Oltre alla possibilità di acquistare Cobalt Strike attraverso i canali ufficiali (una licenza ha il costo di 3.500 dollari, ma richiede una registrazione) i cyber criminali possono procurarsi versioni pirata del tool sul mercato nero. In questo caso, però, l’esborso è decisamente superiore e si aggira intorno ai 45.000 dollari.
Il tool viene utilizzato sia da cyber criminali “comuni”, sia dai più sofisticati gruppi APT (Advanced Persistent Threat) che operano per conto di governi e servizi segreti. I vantaggi che offre lo strumento, spiegano gli autori del report, sono numerosi.

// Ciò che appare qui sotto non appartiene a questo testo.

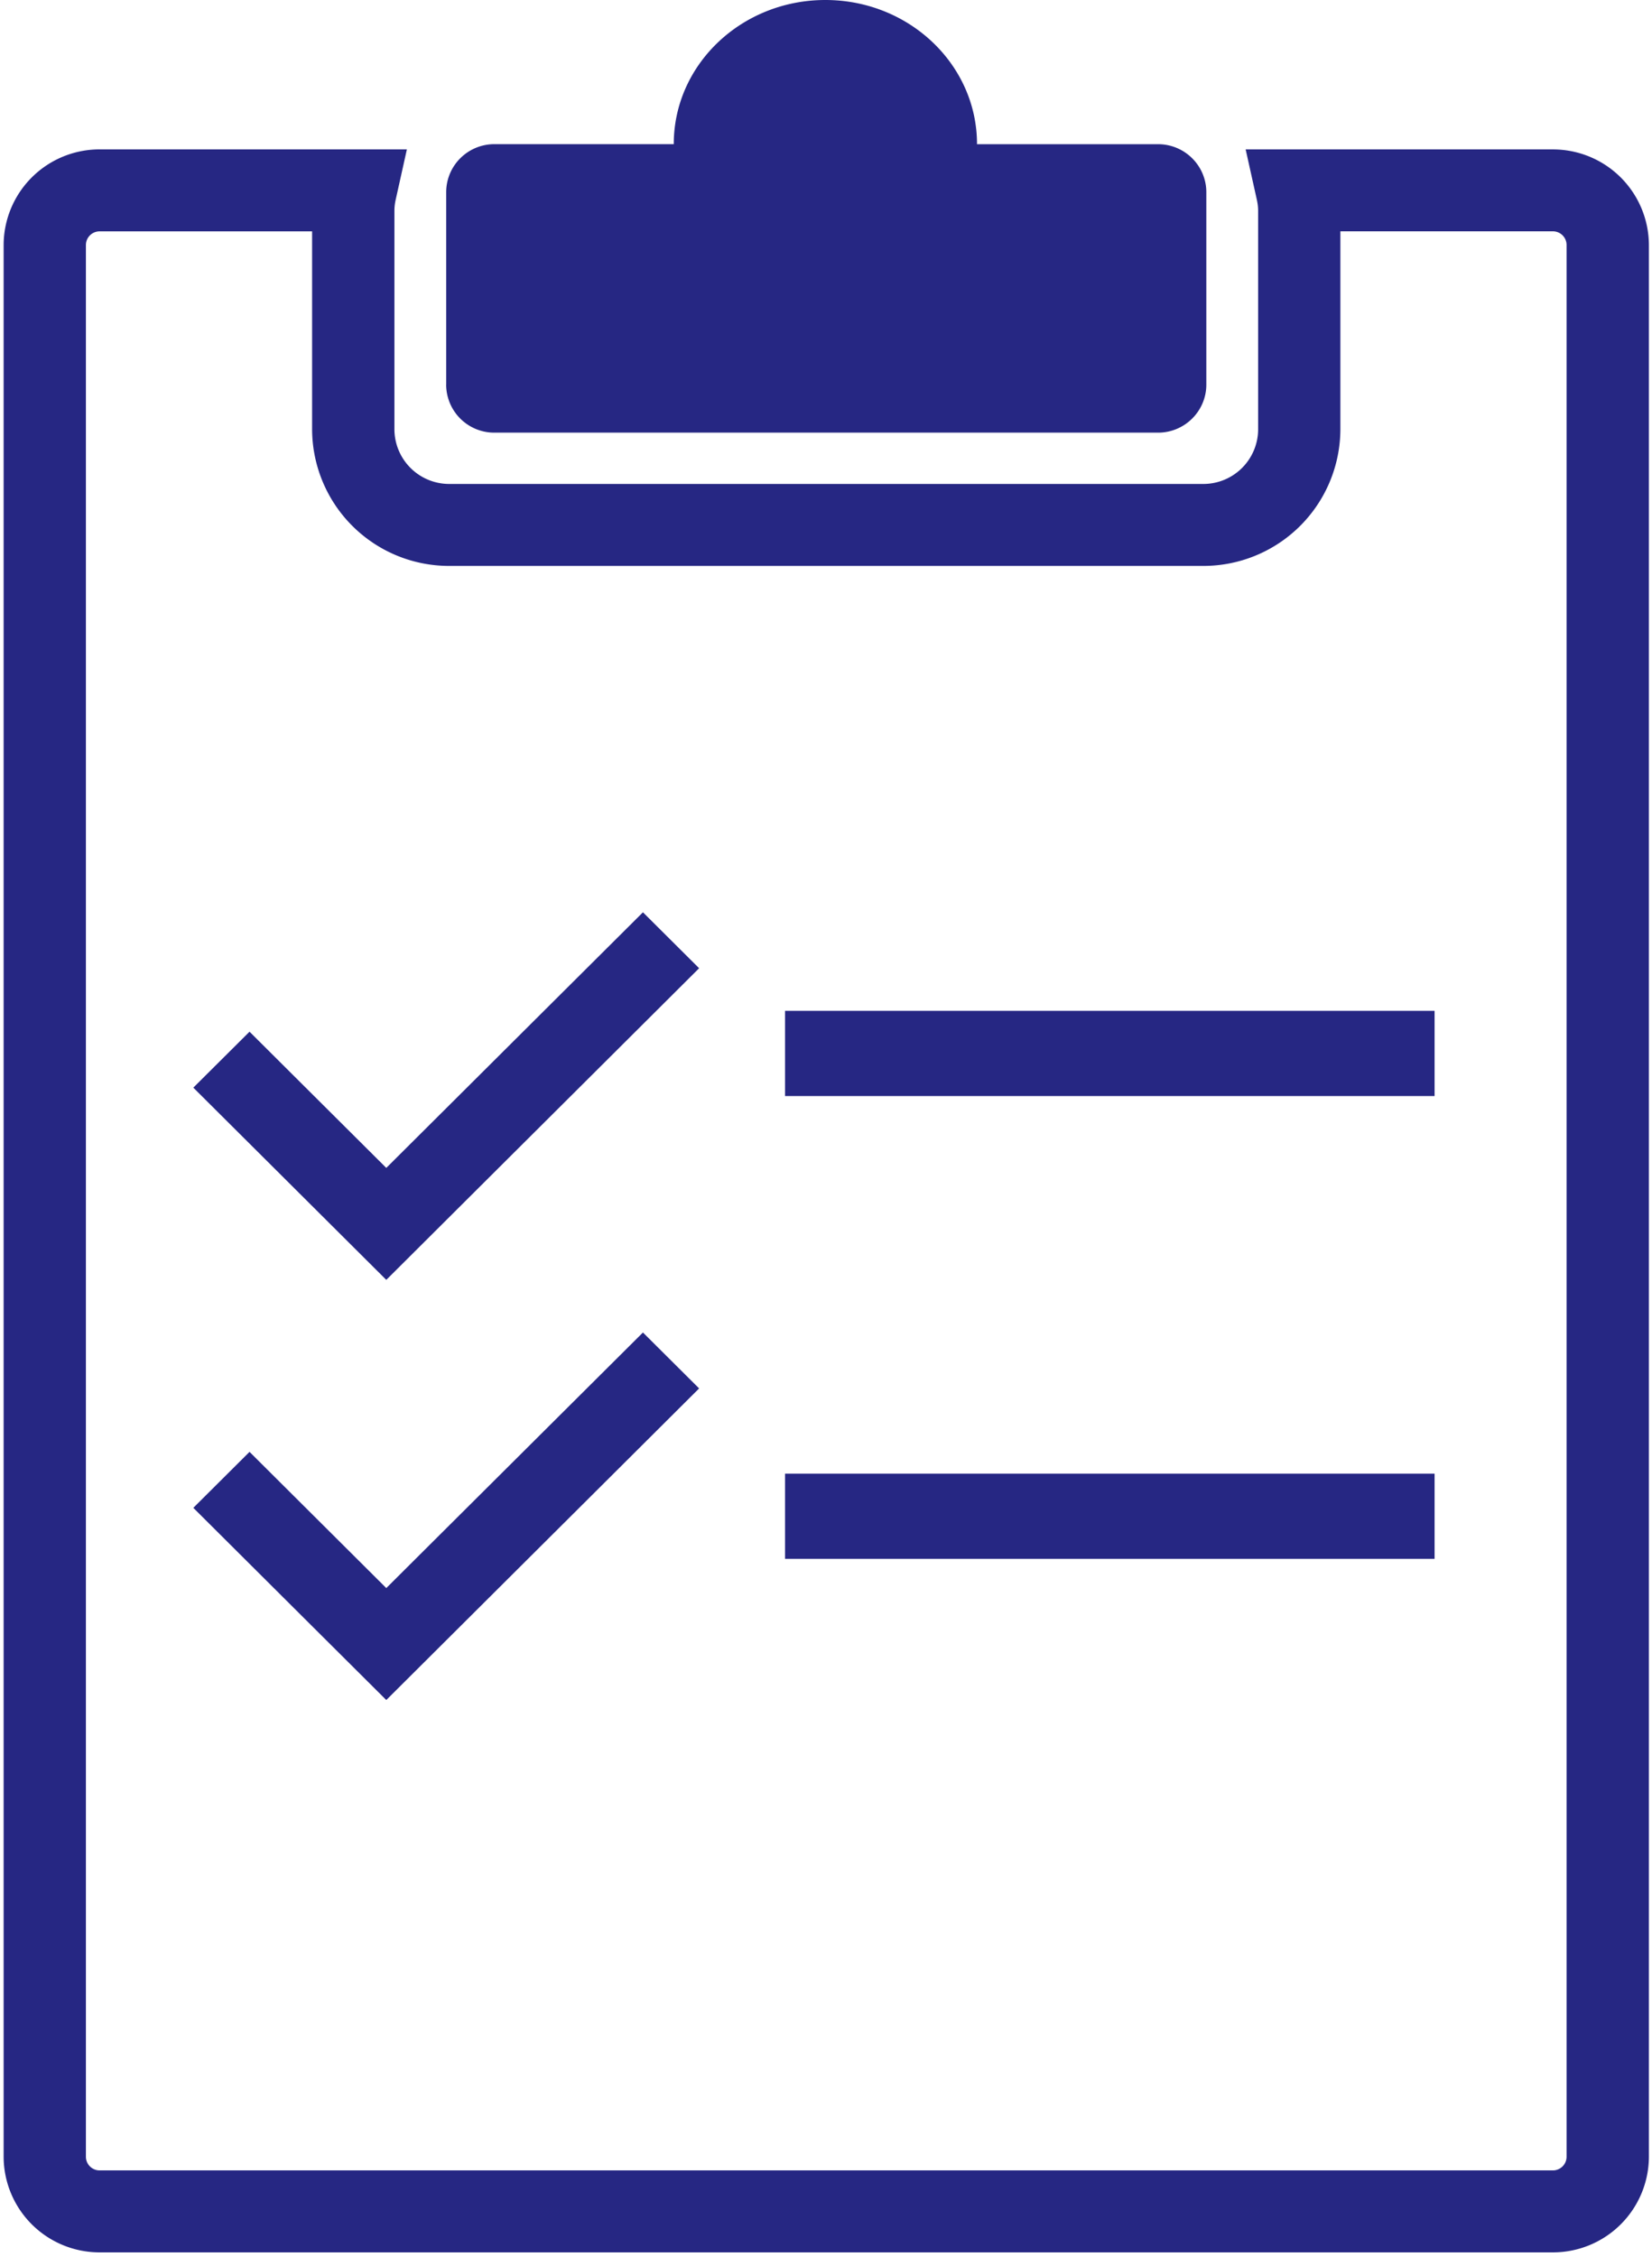 <?xml version="1.0" encoding="UTF-8"?> <svg xmlns="http://www.w3.org/2000/svg" width="41" height="56" viewBox="0 0 41 56"><title>E4FD0EEA-6FA0-4EAA-8470-9E59728A36DE</title><path d="M38.54 3.707h-7.625l.275 1.237c.023.103.035.198.035.288v5.422a1.36 1.36 0 0 1-1.361 1.355H11.149a1.36 1.36 0 0 1-1.36-1.355V5.232c0-.09.01-.185.034-.288l.275-1.237H2.472A2.38 2.38 0 0 0 .09 6.08v47.438a2.38 2.38 0 0 0 2.382 2.373H38.541a2.38 2.38 0 0 0 2.382-2.373V6.08a2.38 2.38 0 0 0-2.382-2.372zm.34 49.81a.34.34 0 0 1-.34.34H2.472a.34.34 0 0 1-.34-.34V6.08a.34.34 0 0 1 .34-.339h5.274v4.914a3.4 3.4 0 0 0 3.403 3.388h18.714a3.4 3.4 0 0 0 3.403-3.388V5.74h5.274a.34.34 0 0 1 .34.34v47.437zM11.074 9.543V4.77c0-.659.535-1.193 1.198-1.193h4.45C16.72 1.602 18.405 0 20.484 0c2.079 0 3.764 1.602 3.764 3.578h4.492c.663 0 1.199.534 1.199 1.193v4.772c0 .658-.536 1.193-1.199 1.193H12.27a1.194 1.194 0 0 1-1.197-1.193zm4.883 13.095l1.394 1.388-7.764 7.733-4.789-4.77 1.395-1.388 3.394 3.38 6.37-6.343zm0 10.427l1.394 1.388-7.764 7.732-4.789-4.769 1.395-1.389 3.394 3.38 6.37-6.342zm3.528-7.982h16.119v2.115h-16.12v-2.115zm0 11.485h16.119v2.114h-16.12v-2.114z" fill-rule="nonzero" fill="#262783"></path></svg>

Prima di tutto il fatto che Cobalt Strike agisce a livello di memoria, con la conseguente possibilità di evitare di lasciare tracce dopo l’attacco. La possibilità di personalizzarne le funzioni, inoltre, offre un vantaggio strategico rendendone l’individuazione più difficile da parte dei team di sicurezza.
Per quanto riguarda i gruppi APT, infine, i ricercatori sottolineano come la scelta di uno strumento “standard” consenta loro di rendere più difficile l’attribuzione degli attacchi, aspetto che per gli “hacker di stato” è tutt’altro che indifferente.
Dal punto di vista delle strategie di attacco, il tool viene spesso integrato all’interno di malware (come Ursnif) ma anche utilizzato direttamente attraverso exploit che ne avviano l’esecuzione.